WORK REQUIRED -> In your copy, repeat the records exactly and leave out the pictures.

----- THE INPUT -----

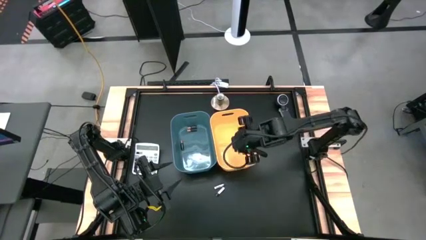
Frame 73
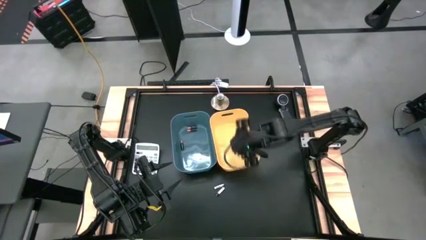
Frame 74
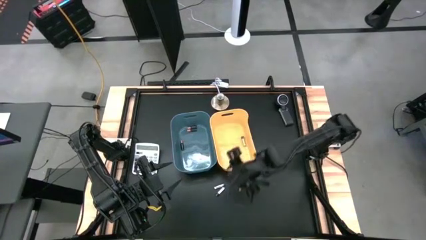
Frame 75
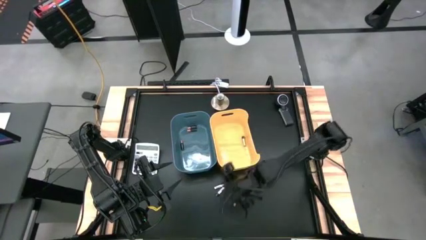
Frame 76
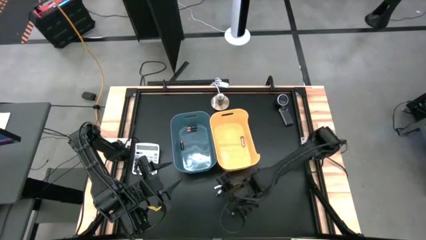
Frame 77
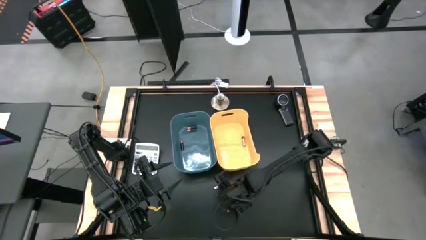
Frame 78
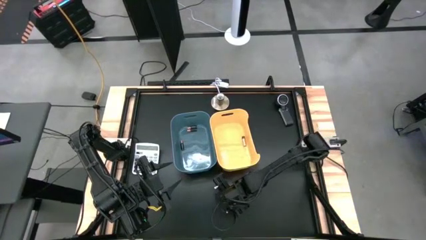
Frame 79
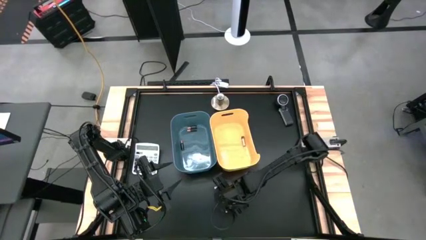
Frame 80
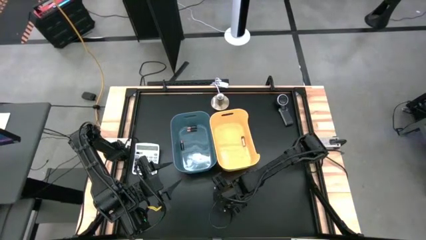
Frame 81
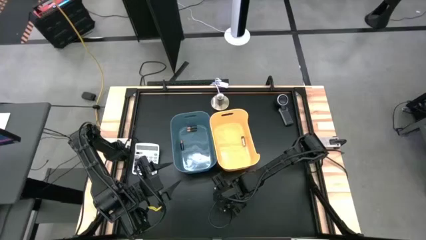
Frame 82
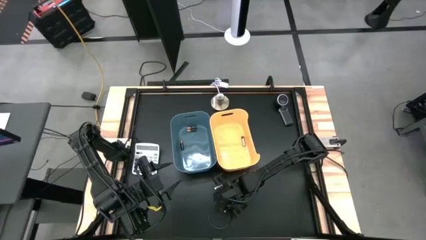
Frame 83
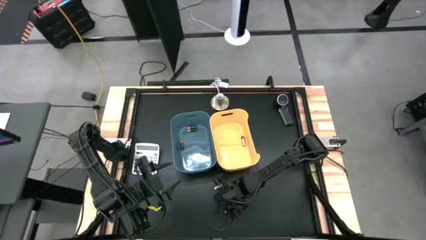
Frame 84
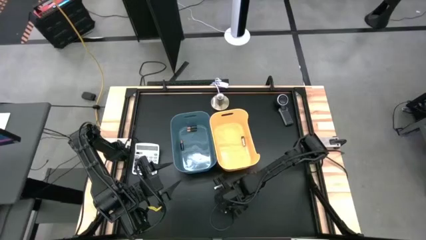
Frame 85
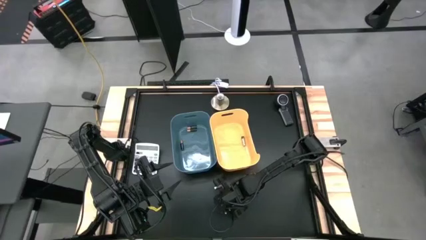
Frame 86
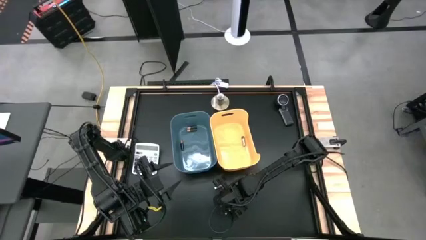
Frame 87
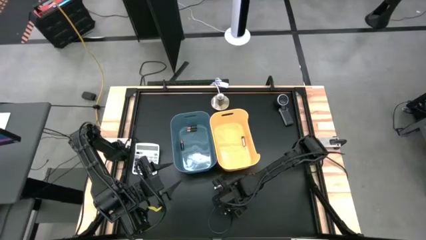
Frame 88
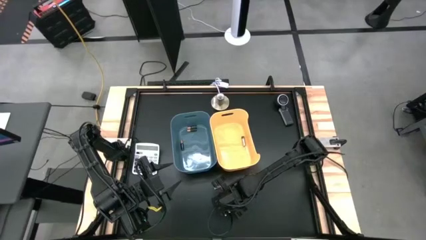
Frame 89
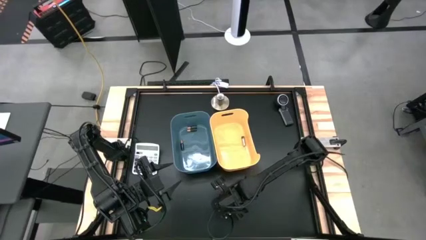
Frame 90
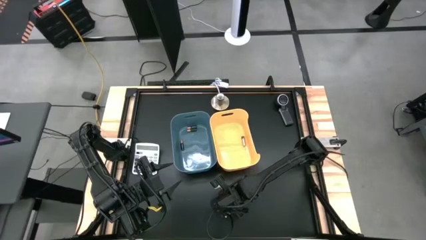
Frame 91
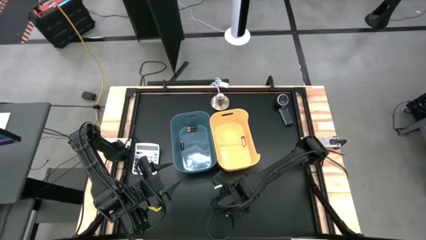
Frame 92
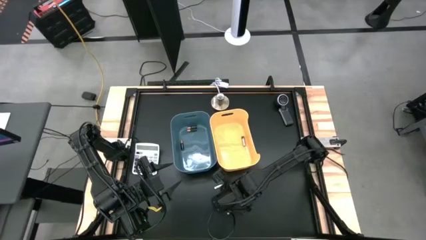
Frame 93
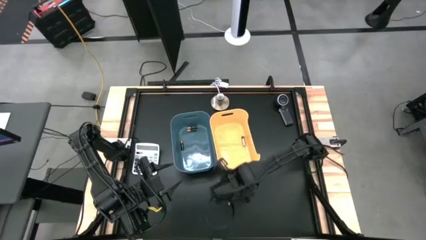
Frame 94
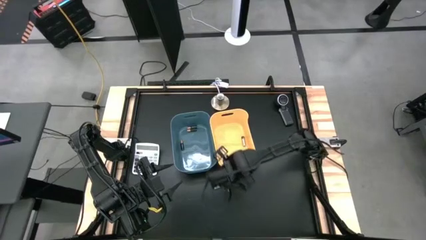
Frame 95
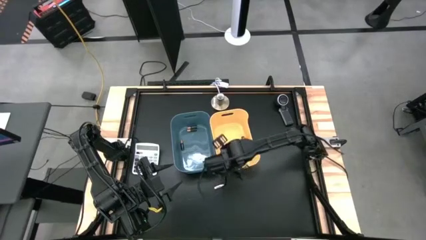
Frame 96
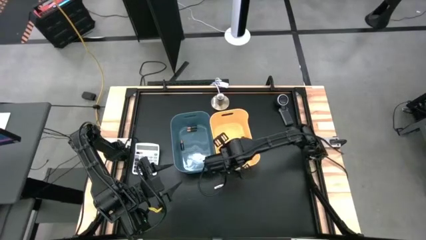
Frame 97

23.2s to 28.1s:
Task: Sort batteries
Put the bottom silver battery into the yellow bin

-----

OUTPUT ->
Frame 73
Frame 74
Frame 75
Frame 76
Frame 77
Frame 78
Frame 79
Frame 80
Frame 81
Frame 82
Frame 83
Frame 84
Frame 85
Frame 86
Frame 87
Frame 88
Frame 89
Frame 90
Frame 91
Frame 92
Frame 93
Frame 94
Frame 95
Frame 96
Frame 97

23.2s to 28.1s:
Task: Sort batteries
Put the bottom silver battery into the yellow bin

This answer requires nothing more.